Let's count how many times each pattern occurs:
123 - 4 times
132 - 5 times
213 - 5 times
231 - 5 times
312 - 4 times
321 - 4 times
=============
27 times total
If you run the code that swaps at random for an infinite number of times, the patterns 132, 213 and 231 will occur more often than the patterns 123, 312, and 321, simply because the way the code swaps makes that more likely to occur.
Now, of course, you can say that if you run the code 30 times (27 + 3), you could end up with all the patterns occuring 5 times, but when dealing with statistics you have to look at the long term trend.

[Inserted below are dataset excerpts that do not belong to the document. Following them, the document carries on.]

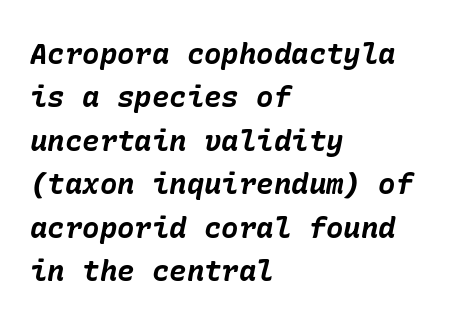
The image shows 29 px bold type, italic (leaning right); set left-aligned, normal line spacing (1.5x), normal letter spacing, not underlined; low stroke contrast and a medium x-height.
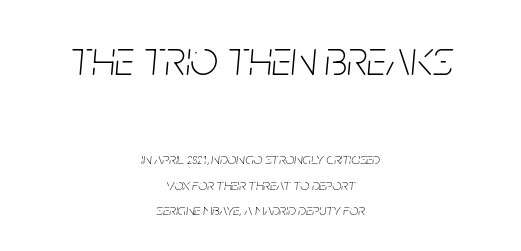
The image shows 49 px thin, condensed type, italic (leaning right); set centered, normal line spacing (1.59x), normal letter spacing, not underlined; the first (top) block is 3.06x larger; low stroke contrast and a large x-height.
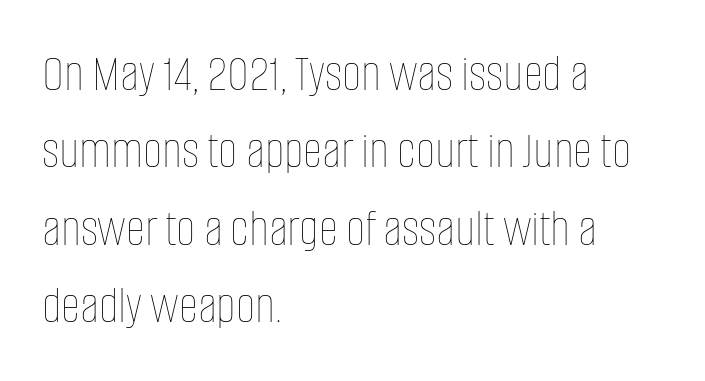
Compared with a typical body face, this is equally light or lighter still. A typesetter would call this proportional, since set widths differ per character. The letters stand upright; this is a roman face. Caption: multi-line text, flush left, ragged right. Tracking value appears to be zero — textbook default spacing. Has an underline been added? It has not.
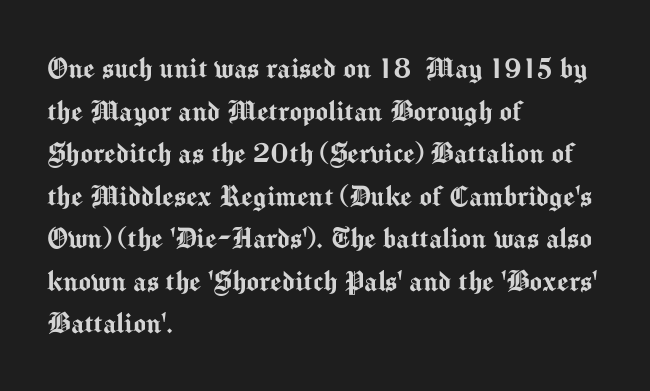
{"serif": "no", "italic": "no", "width": "normal", "stroke_contrast": "medium", "x_height": "medium", "monospaced": "no", "underline": "no", "align": "left", "line_spacing": "normal", "line_spacing_ratio": 1.29, "letter_spacing": "normal", "letter_spacing_em": 0.0, "glyph_px": 33}
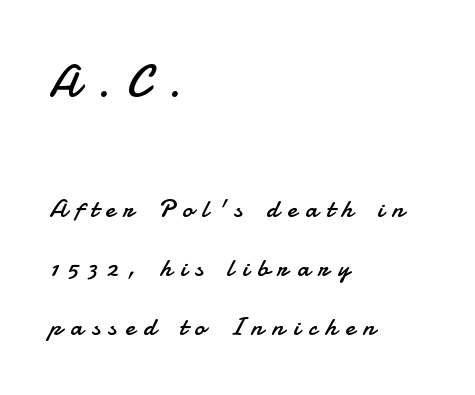
Q: Is the text bold? A: No.
Q: Is the text italic (slanted)? A: Yes.
Q: Is the typeface a serif or a sans-serif typeface? A: Sans-serif.
Q: Is the text underlined? A: No.
Q: How is the paragraph aligned? A: Left-aligned.
Q: Is the spacing between letters normal or unusually wide? A: Unusually wide.
Q: Is the spacing between lines tight, normal or loose? A: Loose.
Q: Which block of text is set in a larger size, the first (top) or the second (bottom)? A: The first (top) one.
Q: Width (condensed, normal, or wide)? A: Normal.
Q: Stroke contrast? A: Low.
Q: x-height? A: Small.
Q: Monospaced? A: No.
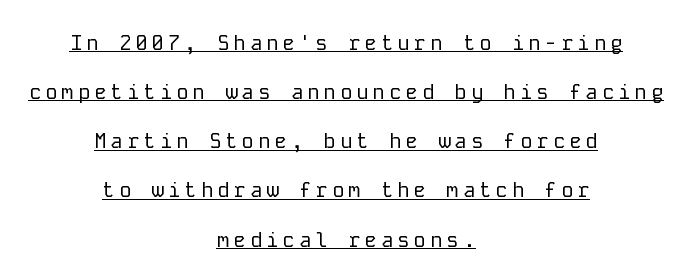
The image shows 21 px text type, upright; set centered, loose line spacing (2.34x), underlined.

Here's C# code that explores the randomness for one of each possible pattern:
class Program
{
static void Main(string[] args)
{
Dictionary<String, Int32> occurances = new Dictionary<String, Int32>
{
{ "123", 0 },
{ "132", 0 },
{ "213", 0 },
{ "231", 0 },
{ "312", 0 },
{ "321", 0 }
};
Char[] digits = new[] { '1', '2', '3' };
Func<Char[], Int32, Int32, Char[]> swap = delegate(Char[] input, Int32 pos1, Int32 pos2)
{
Char[] result = new Char[] { input[0], input[1], input[2] };
Char temp = result[pos1];
result[pos1] = result[pos2];
result[pos2] = temp;
return result;
};
for (Int32 index1 = 0; index1 < 3; index1++)
{
Char[] level1 = swap(digits, 0, index1);
for (Int32 index2 = 0; index2 < 3; index2++)
{
Char[] level2 = swap(level1, 1, index2);
for (Int32 index3 = 0; index3 < 3; index3++)
{
Char[] level3 = swap(level2, 2, index3);
String output = new String(level3);
occurances[output]++;
}
}
}
foreach (var kvp in occurances)
{
Console.Out.WriteLine(kvp.Key + ": " + kvp.Value);
}
}
}
This outputs:
123: 4
132: 5
213: 5
231: 5
312: 4
321: 4
So while this answer does in fact count, it's not a purely mathematical answer, you just have to evaluate all possible ways the random function can go, and look at the final outputs.